Par Matthieu ECOIFFIER QUOTIDIEN : samedi 24 février 2007

Surtout attendre avant de renvoyer le formulaire officiel de parrainage. Cette consigne confidentielle circule chez quelques dizaines d’élus antilibéraux qui ont envoyé une promesse de signature à José Bové. « Le mot d’ordre informel est de dire : on signe pour Bové. Mais de mettre de côté le formulaire tant qu’on n’est pas sûr qu’il aura les 500 signatures. Cela permet de garder la possibilité de signer in fine pour Besancenot s’il le faut », explique l’un d’eux. Une façon de se prémunir contre un « scénario merdique : que Bové finisse à 350 signatures, Besancenot à 450, et qu’aucun des deux ne puisse se présenter. Et qu’il n’y ait que Buffet pour représenter la gauche antilibérale », explique un des soutiens du leader paysan. « Nous n’avons pas réussi l’unité antilibérale, mais il faut que cet espace politique fasse le meilleur score possible. Marie-George Buffet ne peut à elle seule capter l’ensemble de cet électorat », estime l’adjointe au maire de Paris (apparentée PCF) Clémentine Autain, qui a donné sa signature à Bové sans pour autant s’engager dans sa campagne. Buffet en candidate antilibérale unique à défaut d’être « unitaire » après l’OPA ratée du Parti communiste sur les Collectifs à l’automne ? La direction du PCF, qui a publié cette semaine dans l’Humanité la liste des 900 parrains de sa candidate, ne cache pas sa joie à l’évocation de cette perspective. Alain Krivine, le leader historique de la LCR, n’écarte pas cette hypothèse « du pire ». La Ligue a envoyé depuis vendredi des centaines de ses militants dans les mairies pour récolter de nouveaux parrainages et « s’assurer que les maires déjà convaincus remplissent sans rature leur sésame », explique-t-il.

Cela suffira-t-il ? « La division actuelle de la gauche antilibérale, où personne ne perce, peut aboutir à ce qu’il n’y ait qu’Arlette et Buffet à la gauche de la gauche. On en est à 450 signatures pour Olivier, il peut y avoir des ajouts, mais aussi des retraits, raconte Krivine. Depuis l’été, nos militants ont vu 13 000 maires, 1 000 hésitent jusqu’à la dernière minute… » Dans l’équipe Bové, plusieurs chiffres circulent. Officiellement, le candidat déclare « 330 » signatures, façon de mobiliser ses militants et de ne pas décourager les maires. D’autres pointent un nombre inférieur, autour de « 240 signatures ». Dans le staff de Bové, il y a la version optimiste : « On a une chance sur deux d’y parvenir. » Et son pendant, définitif : « Trop tard, c’est plié, on ne les aura pas. » Sur le terrain, les chasseurs de signatures pro-Bové et pro-Besancenot se tirent la bourre. Avec un candidat qui n’a démarré que le 1er février, soit le dernier à être entré en campagne, les troupes de Bové ont un gros retard à rattraper. « Cette concurrence pour arracher des parrainages se fait dans l’ignorance mutuelle », regrette Christian Picquet, chef de file de la minorité unitaire de la LCR, « cela va rajouter de l’irresponsabilité à l’échec que nous avons connu pour avoir une candidature de rassemblement antilibérale ». « Porte de sortie ».

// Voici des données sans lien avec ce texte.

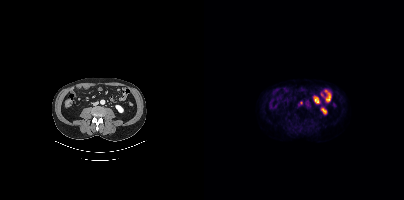
Two-panel axial: CT | PSMA PET, 18F tracer. Slice 167 of 438. Coordinates are on the 200×200 PET (right) panel. Small PSMA-avid focus (2 to 4 px across) near (center x, center y): (97, 102).
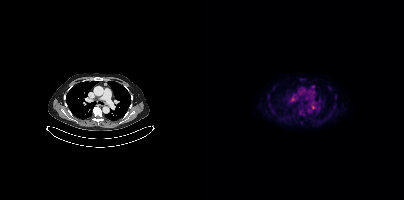
Coordinates are on the 200×200 PET (right) panel. PSMA-avid tumor lesion bounding box (x, y, width, height): x=107 y=105 w=10 h=5. Small PSMA-avid foci (2 to 4 px across) near (center x, center y): (88, 99); (109, 86). Paired axial CT (left) and PSMA PET (right), [18F]PSMA-1007 tracer. Slice 309 of 431.
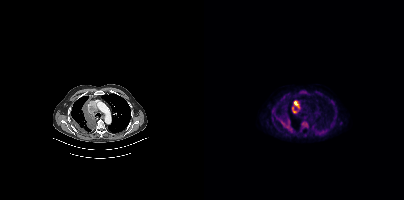
{"pet_grid":[200,200],"coord_frame":"pet_panel","coord_format":"x0,y0,x1,y1","lesion_bboxes":[[77,118,88,131],[90,101,95,108],[95,90,101,94],[88,107,92,112]],"modality":"PSMA PET/CT","view":"axial","tracer":"18F-PSMA"}
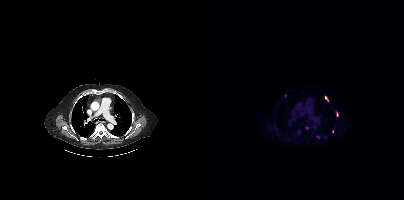
Coordinates are on the 200×200 PET (right) panel. (showing 1 of 2 foci) Small PSMA-avid focus (2 to 4 px across) near (center x, center y): (103, 127).
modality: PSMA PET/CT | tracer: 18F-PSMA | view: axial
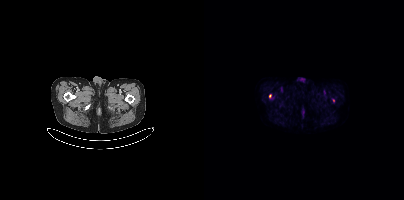
Coordinates are on the 200×200 PET (right) panel. Small PSMA-avid foci (2 to 4 px across) near (center x, center y): (66, 95) | (129, 100).
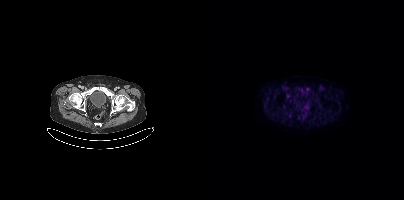
Technique: Left: CT. Right: PSMA PET, same axial level, 18F-PSMA tracer. slice position z = -1440 mm. PET panel 200×200 px (4.1 mm/px).
Findings: Negative for PSMA-avid disease on this slice.
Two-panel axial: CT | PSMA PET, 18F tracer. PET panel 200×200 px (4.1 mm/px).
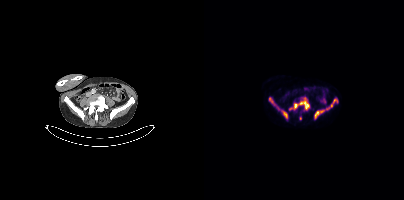
Coordinates are on the 200×200 PET (right) panel. PSMA-avid tumor lesion bounding boxes:
| # | x0 | y0 | x1 | y1 |
|---|---|---|---|---|
| 1 | 85 | 97 | 105 | 109 |
| 2 | 122 | 97 | 134 | 109 |
| 3 | 110 | 110 | 116 | 118 |
| 4 | 65 | 98 | 75 | 109 |
| 5 | 77 | 110 | 83 | 118 |
Small PSMA-avid foci (2 to 4 px across) near (center x, center y): (96, 118); (119, 110).
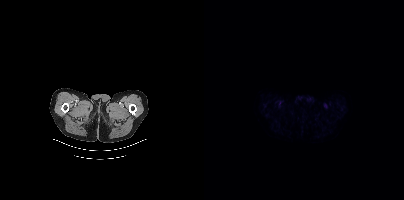
Findings: Negative for PSMA-avid disease on this slice.
- Two-panel axial: CT | PSMA PET, 18F tracer
- acquired on Siemens Biograph mCT Flow 20
- PET panel 200×200 px (4.1 mm/px)
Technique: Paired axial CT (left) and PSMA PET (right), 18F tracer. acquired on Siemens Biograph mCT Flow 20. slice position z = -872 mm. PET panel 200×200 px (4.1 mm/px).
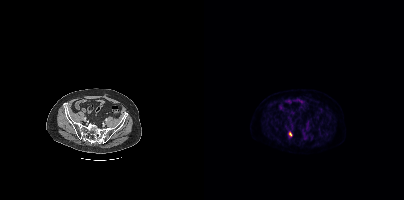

Chez Bové, l’inquiétude monte aussi sur la volonté du leader altermondialiste d’aller jusqu’au bout. Ses meetings font salle comble, mais la dynamique ne déborde pas des cercles militants. Au coude à coude avec ses rivaux dans les sondages, cette candidature « alternative » reste une « candidature de plus ». « Bové n’a pas envie de se présenter pour se prendre 2 %, un score ridicule vu sa notoriété internationale. Apparaître comme le martyr de la chasse aux signatures pourrait lui fournir une bonne porte de sortie », dit un militant de la LCR. Reste la question stratégique de sa date de sortie, si elle a lieu. Une réunion d’évaluation de la candidature Bové est prévue avec les Collectifs antilibéraux le 11 mars. Soit cinq jours avant la date limite de renvoi des formulaires. Trop tard pour se désister en faveur de son « ami Olivier » ?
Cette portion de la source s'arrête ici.